Das Gebäude war in den letzten Jahrzehnten stark heruntergekommen und wies einen erheblichen Renovierungsstau auf. Der Mindestverkaufspreis lag deshalb sehr niedrig und konnte von dem gemeinnützigen Verein »Kindeswohl« aufgebracht werden. Das Haus dient nach einer oberflächlichen Renovierung seit mittlerweile fünfundzwanzig Jahren als Unterkunft und Schule für Waisenkinder. In Anlehnung an die früher genutzte Bezeichnung wird das Waisenhaus seitdem leicht angepasst »Grayhome« genannt.

Trotz seines Gutshaus ähnlichem Aussehens und des Namens, der Vertrauen erwecken soll, wirkt es von außen betrachtet eher abweisend als einladend. Das liegt zum Großteil daran, dass das Gebäude nicht aus Sandstein oder Ziegelsteinen, sondern aus dunkelgrauem Granit errichtet worden war. Das Erscheinungsbild des Gebäudes passt durch seine Farbe ausgezeichnet zu der inzwischen genutzten Bezeichnung »Grayhome«, was »graues Heim« bedeuten kann.

Die erste Leiterin des Waisenhauses wurde von den meisten Insassen geliebt. Sie wechselte vor fünfzehn Jahren in den wohlverdienten Ruhestand und wurde schon bald schmerzlich vermisst. Der Verein »Kindeswohl« suchte lange vor diesem Termin nach einer geeigneten Person für die Aufgabe. Doch es gab kaum Bewerberinnen. Die Wahl fiel schließlich auf M. Andra-Gora.

Die Frau ist mittlerweile knapp über fünfzig. Sie besitzt auch heute noch keinerlei Eignung, um Kinder zu erziehen. Ihre Empfehlung für die Leitungsaufgabe bestand darin, dass sie einen Zusammenschluss aus Armenhäusern in vier Gemeinden leitete. Das schien für ihr Organisationstalent zu sprechen. Außerdem verlangte sie im Vergleich zu den anderen Kandidatinnen ein wesentlich geringeres Gehalt. Das gab für die Vorsitzenden des Vereins, der stets unter klammen Kassen leidet, letztlich den Ausschlag.

Die dunklen Fensteröffnungen des Gebäudes wirken auf manche der Waisen wie die blinden Augen eines Ungeheuers. Das liegt auch daran, dass sie besonders in den oberen Etagen nie geputzt werden, um Kosten zu sparen. Die jüngsten der Insassen behaupten, dass es ein furchteinflößendes Monster sei. Dabei ist nicht sicher zu erkennen, ob sie das Gemäuer oder die derzeitige Heimleiterin meinen.
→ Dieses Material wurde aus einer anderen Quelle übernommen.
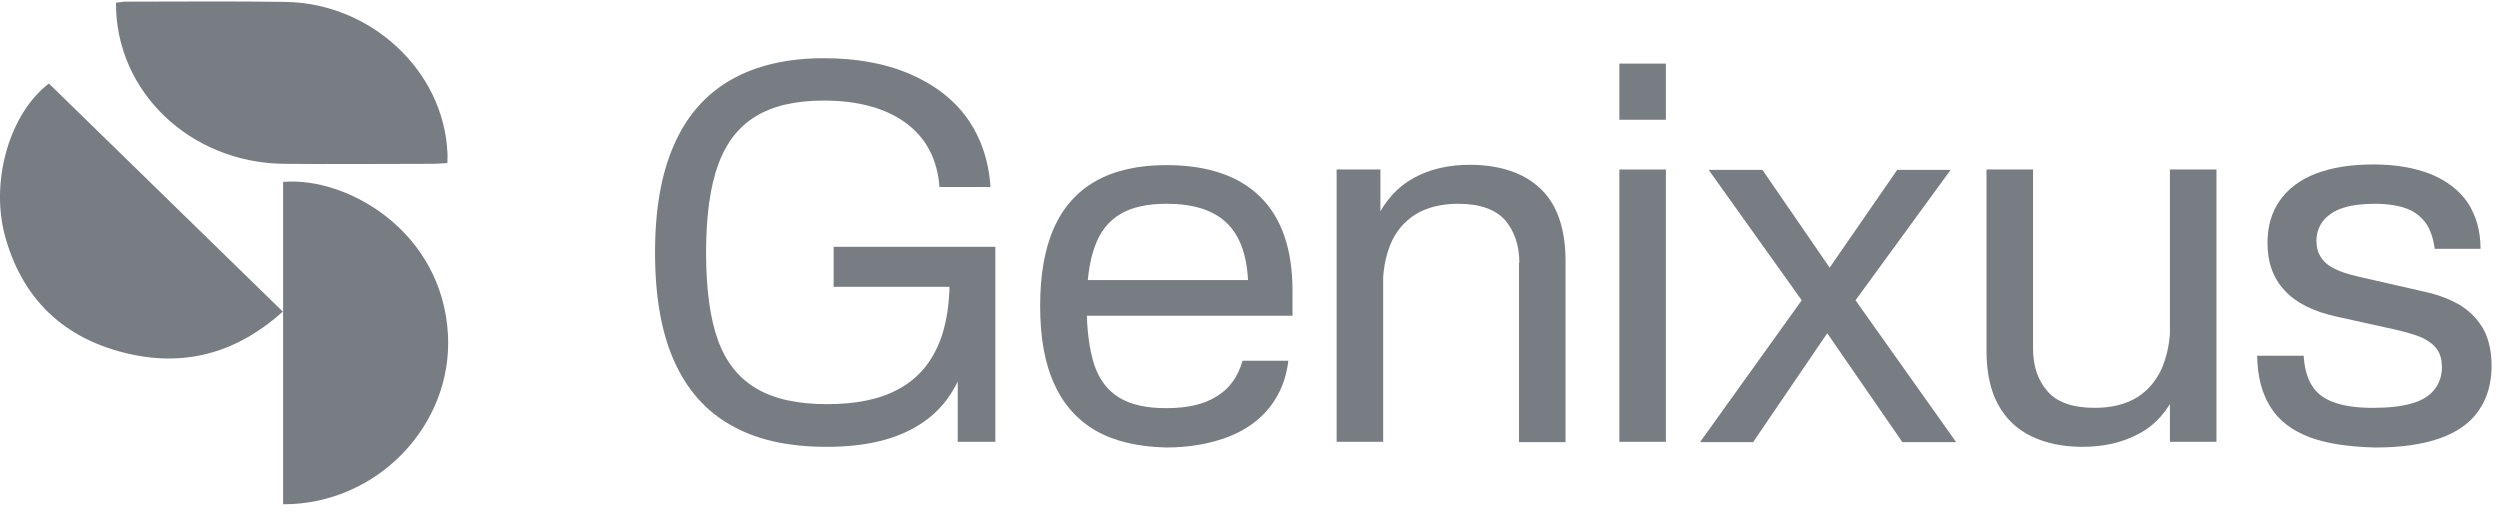 <svg width="169" height="35" viewBox="0 0 169 35" fill="none" xmlns="http://www.w3.org/2000/svg">
<path d="M30.245 11.018C29.902 11.036 29.654 11.073 29.406 11.073C25.996 11.073 22.586 11.111 19.176 11.073C12.851 10.999 7.802 6.187 7.84 0.185C8.069 0.166 8.297 0.111 8.526 0.111C12.127 0.111 15.727 0.073 19.309 0.129C25.101 0.222 29.978 4.793 30.245 10.293C30.264 10.498 30.245 10.702 30.245 11.018Z" fill="#787C83"/>
<path d="M3.306 5.647C8.545 10.755 13.803 15.883 19.118 21.066C16.146 23.741 12.717 24.8 8.831 23.945C4.315 22.961 1.439 20.174 0.295 15.79C-0.638 12.056 0.715 7.616 3.306 5.647Z" fill="#787C83"/>
<path d="M19.138 34.089C19.138 26.788 19.138 19.543 19.138 12.297C23.424 11.926 29.902 15.604 30.283 22.626C30.607 28.757 25.482 34.107 19.138 34.089Z" fill="#787C83"/>
<path d="M49.432 28.752C47.707 27.797 46.425 26.32 45.563 24.388C44.701 22.456 44.281 20.002 44.281 17.071C44.281 14.162 44.701 11.73 45.563 9.798C46.402 7.867 47.684 6.39 49.385 5.412C51.086 4.435 53.184 3.935 55.678 3.935C57.868 3.935 59.803 4.276 61.457 4.981C63.112 5.685 64.44 6.685 65.373 7.98C66.305 9.299 66.841 10.844 66.957 12.639H63.508C63.368 10.776 62.623 9.344 61.248 8.321C59.896 7.321 58.032 6.799 55.678 6.799C53.767 6.799 52.228 7.162 51.086 7.867C49.921 8.571 49.082 9.662 48.546 11.139C48.01 12.616 47.73 14.594 47.73 17.071C47.73 19.57 48.01 21.57 48.546 23.025C49.082 24.502 49.968 25.593 51.156 26.274C52.345 26.979 53.93 27.32 55.911 27.32C57.868 27.32 59.453 27.002 60.712 26.32C61.947 25.661 62.856 24.661 63.438 23.297C64.021 21.957 64.254 20.252 64.184 18.207L65.582 19.389H56.353V16.684H67.284V29.865H64.743V24.411L65.093 24.956C64.464 26.706 63.392 28.024 61.853 28.888C60.315 29.774 58.334 30.206 55.887 30.206C53.277 30.206 51.133 29.729 49.432 28.752Z" fill="#787C83"/>
<path d="M74.112 29.137C72.854 28.41 71.898 27.364 71.269 25.955C70.616 24.546 70.314 22.774 70.314 20.683C70.314 18.592 70.616 16.82 71.246 15.411C71.875 14.002 72.831 12.934 74.089 12.229C75.347 11.525 76.932 11.161 78.843 11.161C81.64 11.161 83.761 11.888 85.206 13.32C86.651 14.752 87.373 16.865 87.373 19.66V21.342H72.201V18.933H84.367C84.273 17.161 83.784 15.865 82.875 15.024C81.966 14.184 80.638 13.775 78.867 13.775C77.561 13.775 76.513 14.002 75.72 14.479C74.928 14.956 74.345 15.684 73.996 16.706C73.623 17.729 73.46 19.047 73.46 20.683C73.46 22.319 73.646 23.637 73.972 24.66C74.322 25.683 74.881 26.41 75.674 26.887C76.466 27.364 77.515 27.592 78.82 27.592C80.242 27.592 81.383 27.342 82.246 26.796C83.108 26.273 83.691 25.478 83.994 24.387H87.093C86.954 25.592 86.534 26.637 85.835 27.523C85.136 28.41 84.18 29.091 82.992 29.546C81.78 30 80.405 30.25 78.82 30.25C76.956 30.205 75.371 29.841 74.112 29.137Z" fill="#787C83"/>
<path d="M90.333 11.458H93.316V14.98H93.502V29.865H90.356V11.458H90.333ZM102.708 17.776C102.708 16.594 102.382 15.639 101.753 14.889C101.1 14.162 100.051 13.776 98.583 13.776C97.418 13.776 96.439 14.026 95.67 14.503C94.901 15.003 94.341 15.662 93.992 16.526C93.642 17.389 93.479 18.344 93.479 19.434L93.013 14.844C93.642 13.549 94.481 12.617 95.577 12.026C96.649 11.435 97.907 11.14 99.376 11.14C100.727 11.14 101.892 11.39 102.871 11.867C103.85 12.367 104.596 13.071 105.085 14.026C105.575 14.98 105.831 16.185 105.831 17.616V29.888H102.685V17.776H102.708Z" fill="#787C83"/>
<path d="M109.468 4.3H112.614V8.095H109.468V4.3ZM109.468 11.458H112.614V29.866H109.468V11.458Z" fill="#787C83"/>
<path d="M121.796 20.299L115.504 11.481H119.139L123.684 18.094L128.252 11.481H131.864L125.432 20.299L132.237 29.889H128.601L123.521 22.526L118.51 29.889H114.921L121.796 20.299Z" fill="#787C83"/>
<path d="M137.434 23.57C137.434 24.752 137.761 25.707 138.413 26.456C139.066 27.206 140.138 27.57 141.606 27.57C142.771 27.57 143.727 27.32 144.496 26.843C145.242 26.366 145.801 25.684 146.174 24.82C146.523 23.957 146.71 23.002 146.71 21.912L147.129 26.502C146.523 27.797 145.684 28.752 144.589 29.32C143.494 29.911 142.235 30.206 140.767 30.206C139.439 30.206 138.273 29.956 137.294 29.479C136.316 29.002 135.57 28.275 135.057 27.32C134.544 26.366 134.288 25.161 134.288 23.73V11.458H137.434V23.57ZM146.687 11.458H149.833V29.865H146.687V11.458Z" fill="#787C83"/>
<path d="M156.102 29.547C154.937 29.092 154.051 28.433 153.492 27.524C152.909 26.615 152.606 25.456 152.583 24.047H155.729C155.776 24.865 155.962 25.547 156.289 26.07C156.615 26.593 157.128 26.979 157.803 27.206C158.479 27.456 159.365 27.57 160.414 27.57C161.462 27.57 162.325 27.479 163.024 27.274C163.7 27.092 164.212 26.774 164.562 26.343C164.888 25.933 165.075 25.411 165.075 24.82C165.075 24.365 164.981 23.979 164.772 23.661C164.562 23.343 164.259 23.093 163.816 22.866C163.373 22.661 162.767 22.479 161.998 22.297L157.99 21.411C156.405 21.07 155.217 20.479 154.447 19.639C153.655 18.798 153.282 17.73 153.282 16.412C153.282 15.298 153.562 14.344 154.121 13.548C154.68 12.753 155.496 12.139 156.568 11.73C157.64 11.321 158.922 11.117 160.46 11.117C161.952 11.117 163.234 11.344 164.329 11.775C165.424 12.23 166.24 12.866 166.823 13.707C167.382 14.571 167.685 15.593 167.685 16.82H164.585C164.492 16.093 164.282 15.502 163.979 15.071C163.653 14.639 163.234 14.298 162.674 14.094C162.115 13.889 161.392 13.775 160.53 13.775C159.691 13.775 158.969 13.866 158.409 14.048C157.827 14.23 157.384 14.525 157.058 14.912C156.755 15.298 156.592 15.752 156.592 16.275C156.592 16.707 156.685 17.07 156.895 17.389C157.081 17.684 157.384 17.957 157.803 18.161C158.2 18.366 158.759 18.548 159.458 18.707L163.84 19.707C164.888 19.934 165.751 20.275 166.426 20.707C167.102 21.161 167.592 21.706 167.941 22.366C168.268 23.025 168.431 23.82 168.431 24.729C168.431 25.933 168.128 26.956 167.545 27.774C166.962 28.615 166.077 29.229 164.912 29.638C163.723 30.047 162.301 30.251 160.6 30.251C158.712 30.206 157.267 29.979 156.102 29.547Z" fill="#787C83"/>
</svg>

Die Leiterin kennt keine Gnade bei Bestrafungen. Die sollen eine abschreckende Wirkung ausüben und Warnung für alle sein. Es wird gemunkelt, dass das nicht immer ohne bleibenden Schaden für die Kinder erfolgt. Der einzige Kommentar von M. Andra-Gora besteht darin, dass sich die Waisen das selbst zuschreiben müssten.

Nach dem Wechsel an der Spitze des Heims stellte sich schnell heraus, dass es die Kinder mit der neuen Leitung nicht schlechter hätten treffen können.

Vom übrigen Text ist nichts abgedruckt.